Minimal effective weight-based dosing of ondansetron to reduce hypotension in cesarean section under spinal anesthesia: a randomized controlled superiority trial

Spinal anesthesia is now the technique of choice for women undergoing cesarean section. However, hypotension is a common problem after surgery with reported incidences varying from 53 to 85% worldwide [1, 2]. The Bezold–Jarisch reflex, which occurs after spinal anesthesia, induces vasodilatation and decreases venous return which results in bradycardia and hypotension [3]. A systematic review reported that neither intravenous fluid preload nor vasoconstriction given before spinal anesthesia is effective in preventing hypotension [4]. One factor known to influence the Bezold–Jarisch reflex is serotonin. Ondansetron is a serotonin receptor blocker. It decreases serotonin induced by the Bezold–Jarisch reflex by suppressing venodilatation [5]. Two studies found that ondansetron given at a dose of 8 mg before spinal anesthesia could reduce hypotension by 86% in general surgery [6] and by 33% in cesarean section [7]. However, another study showed that the same dose of ondansetron could not significantly reduce hypotension in pregnant women [8]. Fattahi et al. [9] showed that the mean arterial pressure after spinal anesthesia in patients who had a cesarean section was significantly higher in women given ondansetron 0.15 mg/kg compared to the control group. Sahoo et al. [10] reported the lower dose of ondansetron (4 mg) compared to control group could reduce hypotension in parturients in cesarean section.
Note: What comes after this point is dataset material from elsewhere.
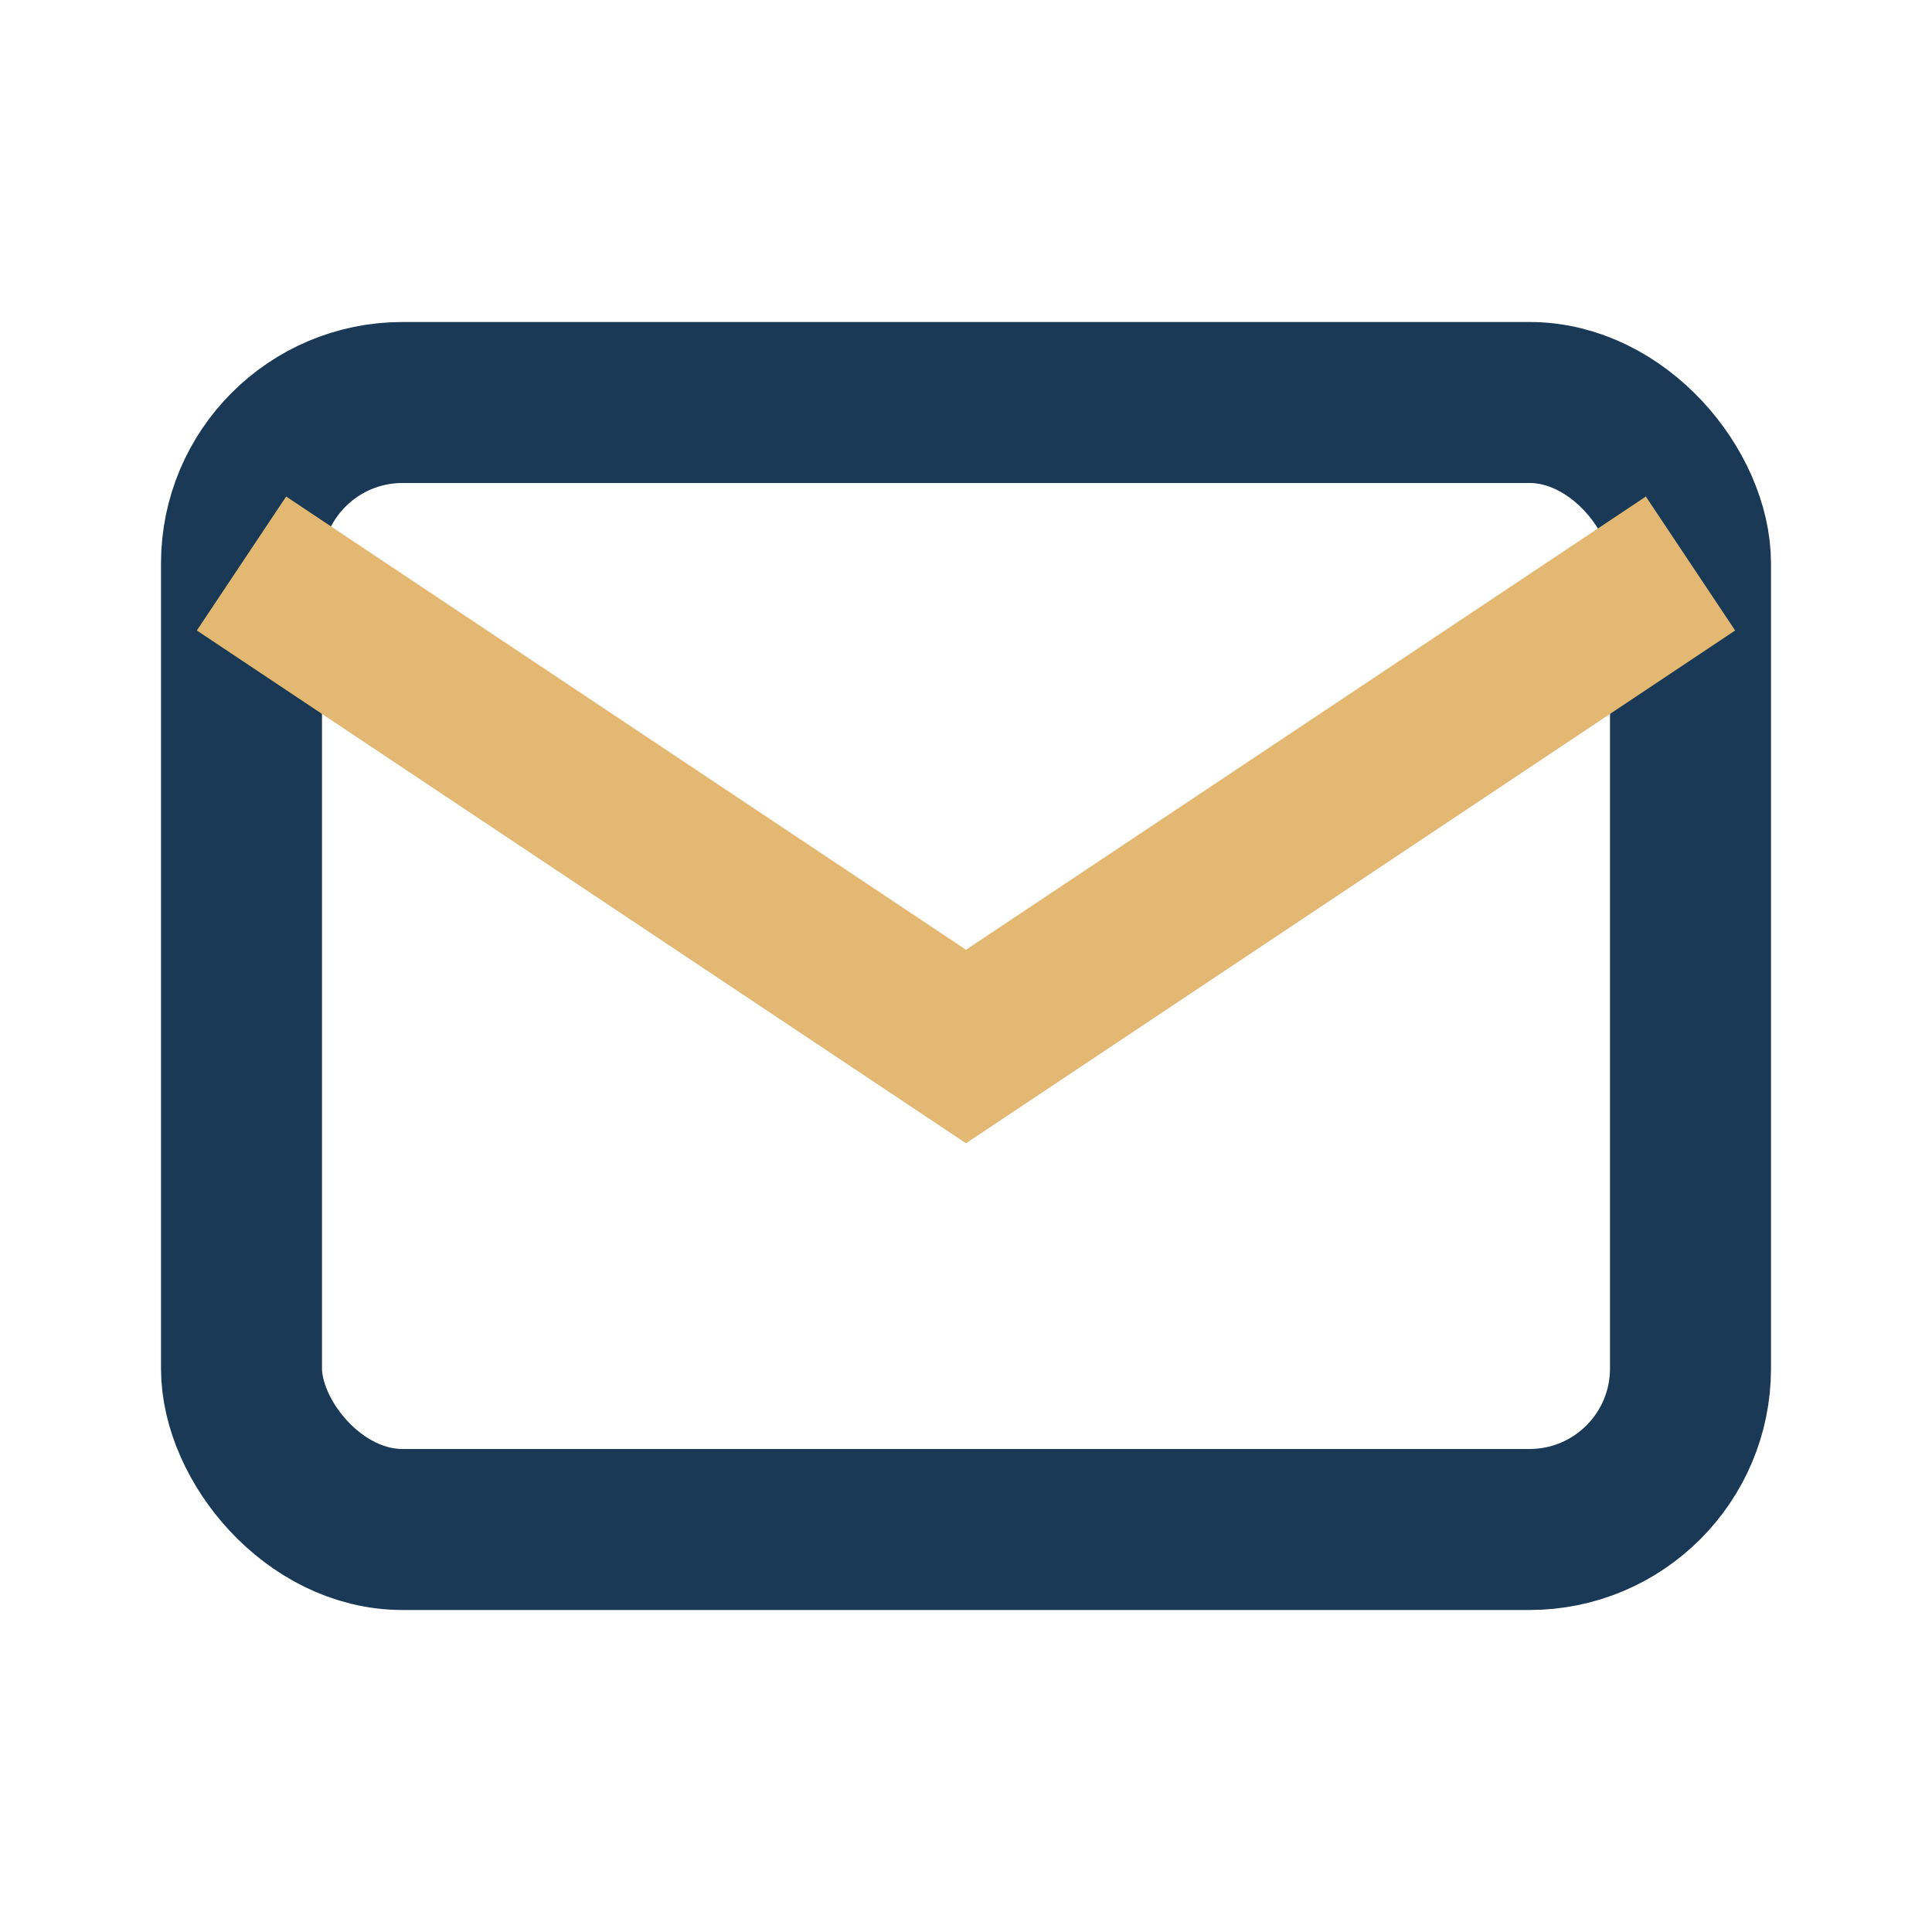 <?xml version="1.0" encoding="UTF-8"?>
<svg xmlns="http://www.w3.org/2000/svg" width="24" height="24" viewBox="0 0 24 24"><rect x="3" y="5" width="18" height="14" rx="2" fill="none" stroke="#1A3956" stroke-width="2"/><path d="M3 7l9 6 9-6" fill="none" stroke="#E2B872" stroke-width="2"/></svg>

In terms of safety, Pasternak et al. [11] and Einarson et al. [12] showed that ondansetron administered in over 600,000 pregnant women had no significant effect on the newborn.
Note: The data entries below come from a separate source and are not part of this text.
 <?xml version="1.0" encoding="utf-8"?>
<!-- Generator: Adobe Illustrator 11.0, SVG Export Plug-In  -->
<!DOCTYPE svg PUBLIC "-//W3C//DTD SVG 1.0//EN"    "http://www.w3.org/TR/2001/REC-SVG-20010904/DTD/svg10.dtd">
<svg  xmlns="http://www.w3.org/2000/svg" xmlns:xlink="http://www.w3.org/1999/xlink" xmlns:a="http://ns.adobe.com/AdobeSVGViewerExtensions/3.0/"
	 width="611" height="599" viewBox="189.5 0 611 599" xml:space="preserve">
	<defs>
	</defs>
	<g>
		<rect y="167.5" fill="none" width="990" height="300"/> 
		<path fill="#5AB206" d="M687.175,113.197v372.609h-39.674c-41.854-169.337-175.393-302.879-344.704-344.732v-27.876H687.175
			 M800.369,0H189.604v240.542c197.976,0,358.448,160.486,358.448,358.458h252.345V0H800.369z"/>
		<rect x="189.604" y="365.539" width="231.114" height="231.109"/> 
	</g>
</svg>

All of these studies used a fixed dose of ondansetron. To our knowledge, the optimal dose based on the patient’s weight has never been investigated. Using a weight-based dose of ondansetron might maximize its effect and prevent suboptimal dose or overdose in some parturients since they have a larger volume of distribution compared to normal patients. Hence, this study aims to determine the minimal weight-based dose of ondansetron required to reduce hypotension after spinal anesthesia in women undergoing cesarean section.
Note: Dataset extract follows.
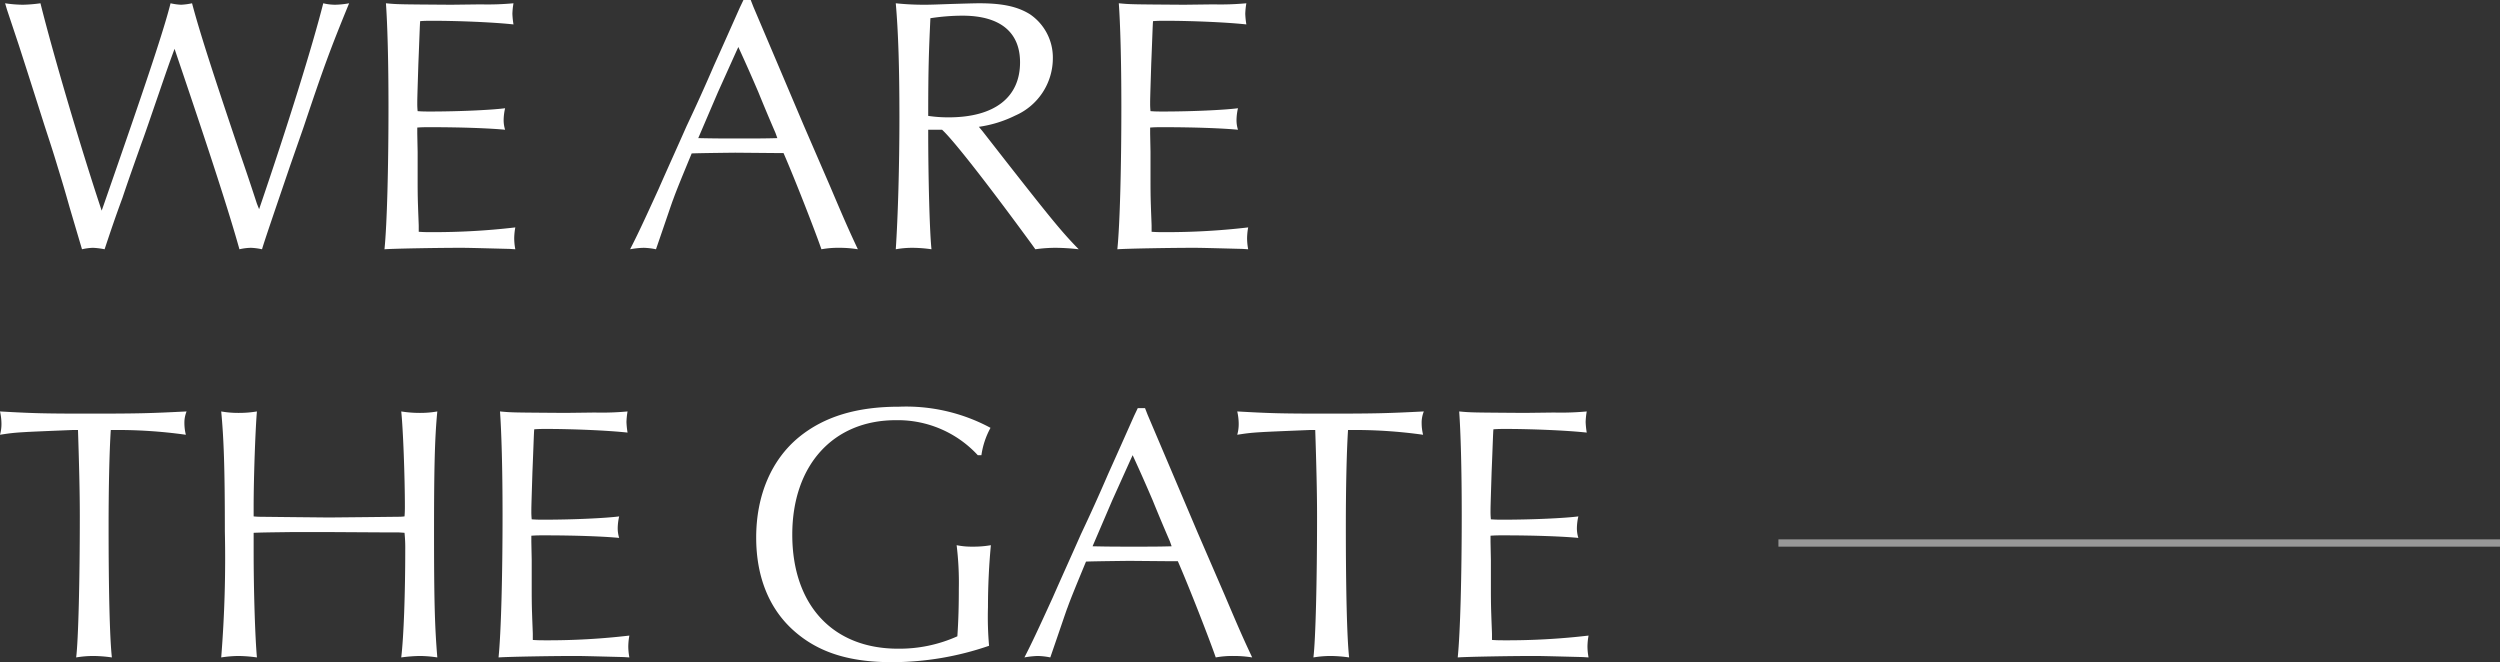 <svg xmlns="http://www.w3.org/2000/svg" width="343" height="90.85"><rect width="100%" height="100%" fill="#333333" stroke="none"/><path d="M13.95 28.9c-2.8-8.4-6.6-21.25-8.4-28.45a20.148 20.148 0 01-2.4.2A17.12 17.12 0 01.7.45l.25.85L2.6 6.25c.95 2.95 1.1 3.4 3.5 10.95.6 1.85 1.2 3.65 1.75 5.5.8 2.6 1.05 3.45 1.7 5.75l1.7 5.75a7.647 7.647 0 011.5-.2 10.026 10.026 0 011.6.2c.85-2.55 1.4-4.2 2.45-7.05.85-2.55 1.75-5.05 2.65-7.6.35-.9 1.4-4 2.35-6.75 1.2-3.5 1.5-4.35 2.15-6.1l.25.75c4.85 14.3 7.25 21.75 8.65 26.75a7.493 7.493 0 011.6-.2 8.656 8.656 0 011.5.2c.25-.9 1.55-4.7 3.85-11.45l1.85-5.3c2.7-8.05 3.6-10.55 6.25-17a11.657 11.657 0 01-1.95.2 7.265 7.265 0 01-1.6-.2c-1.45 5.75-4.85 16.7-8.8 28.25l-.3-.75c-.75-2.3-1.5-4.55-2.3-6.85C29.2 10 27.35 4.25 26.35.45a9.274 9.274 0 01-1.5.2 7.749 7.749 0 01-1.45-.2c-.7 2.8-2.4 8.15-7 21.4l-2.15 6.2zm56.75 5.3a8.451 8.451 0 01-.15-1.5 8.916 8.916 0 01.15-1.5 95.483 95.483 0 01-11.5.65c-.6 0-1.05 0-1.75-.05V31c0-.25-.05-1.25-.1-2.8-.05-1.4-.05-2.65-.05-3.65v-3.7l-.05-2.5v-.85c.7-.05 1.1-.05 1.75-.05 4.4 0 8.2.15 10.3.35a4.421 4.421 0 01-.2-1.35 7.617 7.617 0 01.2-1.6c-1.9.25-6.45.45-10.2.45-.8 0-1.1 0-1.8-.05a9.586 9.586 0 01-.05-1c0-.7 0-.7.15-5.5.15-3.55.2-5.5.25-5.85.65-.05 1.1-.05 1.65-.05 3.55 0 8.4.2 11.15.5a11.624 11.624 0 01-.15-1.45 10.079 10.079 0 01.15-1.45 38.513 38.513 0 01-4.5.15L61.9.65C54.6.6 54.55.6 52.95.45c.2 2.75.35 7.8.35 14.2 0 8.3-.2 16.15-.55 19.55 1.35-.1 7.4-.2 10.3-.2 1.1 0 1.1 0 6.9.15zM103 0h-1l-.5 1.05c-1.2 2.7-2.4 5.4-3.55 7.95-1.25 2.9-2.45 5.55-3.75 8.3-1.3 2.95-2.6 5.8-3.85 8.65-2.1 4.6-2.85 6.2-3.9 8.25a11.6 11.6 0 011.85-.2 9.258 9.258 0 011.7.2c1.3-3.75 2.3-6.75 2.35-6.8.4-1.15 1.35-3.45 2.55-6.35 1.15-.05 5.95-.1 6-.1l5.7.05h.9c1.55 3.55 4.3 10.6 5.2 13.2a12.611 12.611 0 012.4-.2 15.577 15.577 0 012.6.2c-1.15-2.45-1.65-3.55-3.75-8.5l-3.7-8.55-3.5-8.25-3.4-8zm-1.7 6.45c1.1 2.4 1.85 4.1 2.75 6.2.75 1.85 1.55 3.75 2.35 5.6l.25.7c-1.7.05-2.9.05-5.1.05-2.5 0-3.45 0-5.75-.05l.3-.7 2.4-5.6L101 7.1zm27.95 11.35c1.55 1.4 6.45 7.7 12.3 15.7l.5.7a19.857 19.857 0 012.8-.2 29.136 29.136 0 013.15.2c-2.25-2.3-3.65-4-10-12.1l-3.2-4.1-.5-.6a16.429 16.429 0 005-1.55 8.576 8.576 0 005.15-7.8 7.177 7.177 0 00-3.15-6.1c-1.7-1.05-3.75-1.5-6.95-1.5-.7 0-2.25.05-4 .1-1.4.05-2.6.1-3.45.1a36.932 36.932 0 01-4-.2c.35 3.95.5 9 .5 15.6 0 6.75-.2 13.65-.5 18.15a13.011 13.011 0 012.3-.2 18.824 18.824 0 012.6.2c-.25-2.35-.45-9.55-.45-16.4zm-1.9-1.9c0-6.6.1-9.1.3-13.4a29.251 29.251 0 014.4-.35c5.15 0 7.9 2.25 7.9 6.4 0 4.85-3.55 7.55-9.8 7.55a18.444 18.444 0 01-2.8-.2zm43.9 18.3a8.451 8.451 0 01-.15-1.5 8.917 8.917 0 01.15-1.5 95.483 95.483 0 01-11.5.65c-.6 0-1.05 0-1.75-.05V31c0-.25-.05-1.25-.1-2.8-.05-1.4-.05-2.65-.05-3.65v-3.7l-.05-2.5v-.85c.7-.05 1.1-.05 1.75-.05 4.4 0 8.2.15 10.3.35a4.421 4.421 0 01-.2-1.35 7.618 7.618 0 01.2-1.6c-1.9.25-6.45.45-10.2.45-.8 0-1.1 0-1.8-.05a9.585 9.585 0 01-.05-1c0-.7 0-.7.15-5.5.15-3.55.2-5.5.25-5.85.65-.05 1.1-.05 1.65-.05 3.55 0 8.4.2 11.15.5a11.626 11.626 0 01-.15-1.45A10.08 10.08 0 01171 .45a38.513 38.513 0 01-4.5.15l-4.05.05c-7.3-.05-7.35-.05-8.95-.2.2 2.75.35 7.8.35 14.2 0 8.3-.2 16.15-.55 19.55 1.35-.1 7.4-.2 10.3-.2 1.1 0 1.1 0 6.9.15zM10.7 59c.15 4.65.25 8.4.25 11.85 0 8.8-.2 16.95-.5 19.35a14.38 14.38 0 012.35-.2 18.746 18.746 0 012.55.2c-.3-2.7-.45-9.35-.45-17.95 0-5.15.1-10.15.3-13.25a67.206 67.206 0 0110.3.65 6.639 6.639 0 01-.2-1.6 4.06 4.06 0 01.3-1.6c-5 .25-6.4.3-13.4.3-6.35 0-7.75-.05-12.2-.3a7.73 7.73 0 01.2 1.7 5.393 5.393 0 01-.2 1.5c2.2-.35 2.6-.35 9.9-.65zm24.1 14.1c1.4-.05 1.6-.05 5.3-.1h5.05c8.1.05 8.2.05 9.6.05l.75.05a20.5 20.5 0 01.1 2.4c0 5.75-.2 11.8-.55 14.7a20.591 20.591 0 012.55-.2 16.379 16.379 0 012.4.2c-.35-4.2-.45-7.8-.45-17.3 0-8.6.1-12.9.45-16.45a13.325 13.325 0 01-2.4.2 15.815 15.815 0 01-2.55-.2c.25 2.3.5 8.95.5 13.1 0 .15 0 .75-.05 1.3a6.323 6.323 0 01-.8.05l-4.5.05-5.05.05-5-.05-4.55-.05s-.3 0-.8-.05v-1.3c0-4.15.25-10.85.45-13.1a14.822 14.822 0 01-2.5.2 13.325 13.325 0 01-2.4-.2c.35 3.65.5 7.75.5 16.45a169.962 169.962 0 01-.5 17.3 16.379 16.379 0 012.4-.2 19.955 19.955 0 012.5.2c-.25-2.75-.45-9.1-.45-14.45zm51.55 17.1a8.451 8.451 0 01-.15-1.5 8.916 8.916 0 01.15-1.5 95.484 95.484 0 01-11.5.65c-.6 0-1.05 0-1.75-.05V87c0-.25-.05-1.25-.1-2.8-.05-1.4-.05-2.65-.05-3.65v-3.7l-.05-2.5v-.85c.7-.05 1.1-.05 1.75-.05 4.4 0 8.2.15 10.3.35a4.421 4.421 0 01-.2-1.35 7.617 7.617 0 01.2-1.6c-1.9.25-6.45.45-10.2.45-.8 0-1.1 0-1.8-.05a9.585 9.585 0 01-.05-1c0-.7 0-.7.15-5.5.15-3.55.2-5.5.25-5.85.65-.05 1.1-.05 1.65-.05 3.55 0 8.4.2 11.15.5a11.624 11.624 0 01-.15-1.45 10.079 10.079 0 01.15-1.45 38.513 38.513 0 01-4.5.15l-4.05.05c-7.3-.05-7.35-.05-8.95-.2.2 2.75.35 7.8.35 14.2 0 8.3-.2 16.15-.55 19.55 1.35-.1 7.4-.2 10.3-.2 1.1 0 1.1 0 6.9.15zm48.3-27.75a10.981 10.981 0 011.25-3.75 24.413 24.413 0 00-12.55-2.9c-5.8 0-10.25 1.35-13.7 4.15-3.8 3.1-5.9 8-5.9 13.8 0 5.5 1.85 9.95 5.35 12.95 3.3 2.85 7.5 4.15 13.25 4.15a40.9 40.9 0 0013.35-2.25 45.117 45.117 0 01-.15-5.3c0-2.95.15-5.9.4-8.5a13.685 13.685 0 01-2.5.2 10.288 10.288 0 01-2.2-.2 42.007 42.007 0 01.3 6c0 2.35-.05 4.25-.2 6.5a19.357 19.357 0 01-8.15 1.7c-8.95 0-14.5-6-14.5-15.65 0-9.5 5.6-15.7 14.2-15.7a14.927 14.927 0 0111.25 4.8zM157.1 56h-1l-.5 1.05c-1.2 2.7-2.4 5.4-3.55 7.95-1.25 2.9-2.45 5.55-3.75 8.3-1.3 2.95-2.6 5.8-3.85 8.65-2.1 4.6-2.85 6.2-3.9 8.25a11.6 11.6 0 011.85-.2 9.258 9.258 0 011.7.2c1.3-3.75 2.3-6.75 2.35-6.8.4-1.15 1.35-3.45 2.55-6.35 1.15-.05 5.95-.1 6-.1l5.7.05h.9c1.55 3.55 4.3 10.6 5.2 13.2a12.611 12.611 0 012.4-.2 15.577 15.577 0 012.6.2c-1.15-2.45-1.65-3.55-3.75-8.5l-3.7-8.55-3.5-8.25-3.4-8zm-1.7 6.45c1.1 2.4 1.85 4.1 2.75 6.2.75 1.85 1.55 3.75 2.35 5.6l.25.7c-1.7.05-2.9.05-5.1.05-2.5 0-3.45 0-5.75-.05l.3-.7 2.4-5.6 2.5-5.55zM180.45 59c.15 4.65.25 8.4.25 11.85 0 8.8-.2 16.95-.5 19.35a14.381 14.381 0 012.35-.2 18.746 18.746 0 012.55.2c-.3-2.7-.45-9.35-.45-17.95 0-5.15.1-10.15.3-13.25a67.206 67.206 0 0110.3.65 6.639 6.639 0 01-.2-1.6 4.06 4.06 0 01.3-1.6c-5 .25-6.4.3-13.4.3-6.35 0-7.75-.05-12.2-.3a7.73 7.73 0 01.2 1.7 5.393 5.393 0 01-.2 1.5c2.2-.35 2.6-.35 9.9-.65zm37.5 31.2a8.451 8.451 0 01-.15-1.5 8.917 8.917 0 01.15-1.5 95.483 95.483 0 01-11.5.65c-.6 0-1.05 0-1.75-.05V87c0-.25-.05-1.25-.1-2.8-.05-1.4-.05-2.65-.05-3.65v-3.7l-.05-2.5v-.85c.7-.05 1.1-.05 1.75-.05 4.4 0 8.2.15 10.3.35a4.421 4.421 0 01-.2-1.35 7.618 7.618 0 01.2-1.6c-1.9.25-6.45.45-10.2.45-.8 0-1.1 0-1.8-.05a9.585 9.585 0 01-.05-1c0-.7 0-.7.15-5.5.15-3.55.2-5.5.25-5.85.65-.05 1.1-.05 1.65-.05 3.55 0 8.4.2 11.15.5a11.626 11.626 0 01-.15-1.45 10.08 10.08 0 01.15-1.45 38.513 38.513 0 01-4.5.15l-4.05.05c-7.3-.05-7.35-.05-8.95-.2.2 2.75.35 7.8.35 14.2 0 8.3-.2 16.15-.55 19.55 1.35-.1 7.4-.2 10.3-.2 1.1 0 1.1 0 6.9.15z" fill="#fff"/><path d="M244 74h99v1h-99z" fill="#999"/></svg>

This was a prospective triple-blinded parallel randomized controlled superiority trial. The study was approved by the Institutional Ethics Committee of The Faculty of Medicine, Prince of Songkla University, Songkhla, Thailand on March 3, 2016 (EC 58382081), Clinicaltrials.​in.​th number TCTR 20160323001 on March 22, 2016.

Two hundred and twenty-eight women were enrolled in the study with details shown in the consort diagram in Fig. 1. Data collection was completed in 215 patients for the intention-to-treat analysis. Patient characteristics and anesthetic data are presented in Table 1. No differences among the groups were observed in demographic data and anesthetic data. The overall incidence of maternal hypotension was 80%. There were no differences in the incidence of hypotension between the three groups either before or after delivery except episodes of hypotension before delivery were significantly higher in group O1 compared to NS (5 vs 2, P = 0.02) (Table 2). The arterial pressures (SBP, MAP, and DBP) are shown in Fig. 2. MAP levels at 4 and 9 min after spinal anesthesia were significantly lower in group O1 compared to the NS group (P = 0.024 and P = 0.034, respectively). The overall heart rates throughout the operations were not different among the three groups (Fig. 3). Ephedrine requirements were similar among the three groups: group NS (6 mg), group O1 (12 mg), and group O2 (6 mg) (P = 0.21). There were also no differences in blood loss among the three groups: group NS (447.9 ± 201.3 mL), group O1 (490.8 ± 241.2 mL), and group O2 (440.3 ± 198.2 mL) (P = 0.32). Table 3 shows the surgical and anesthetic parameters for the three groups. The metoclopramide requirement in the post-hoc analysis in group O2 was significantly lower than in group NS (P = 0.01). Table 4 compares the incidence of maternal and newborn adverse events between the three groups. No significant differences were found although tachypnea was slightly higher among newborns of women who received low dose ondansetron (7.0%, n = 5) compared to the control group (2.8%, n = 2) (P = 0.28). There were no reports of burning or QT prolongation in mothers and no reports of bradycardia or hypothermia in newborns in any group.

In this study, we found that a weight-based dose of prophylactic ondansetron did not influence the incidence of maternal hypotension. The results of this study were consistent with two other studies [8, 13] but were in contrast with others [6, 7, 9, 10]. Two recent systematic reviews [14, 15] showed ondansetron reduced the incidence of hypotension (relative risk ratio [RR] = 0.63, 95% confidence interval [CI]: 0.45–0.88 and RR = 0.67, 95% CI: 0.54–0.83, respectively) and bradycardia (RR = 0.31, 95% CI: 0.19–0.50 and RR = 0.49, 95% CI: 0.28–0.87, respectively) after spinal anesthesia in cesarean section even though a low quality of evidence was reported [15]. However, the minimal effective weight-based dosing of ondansetron in parturients was not determined [9, 10, 14, 15].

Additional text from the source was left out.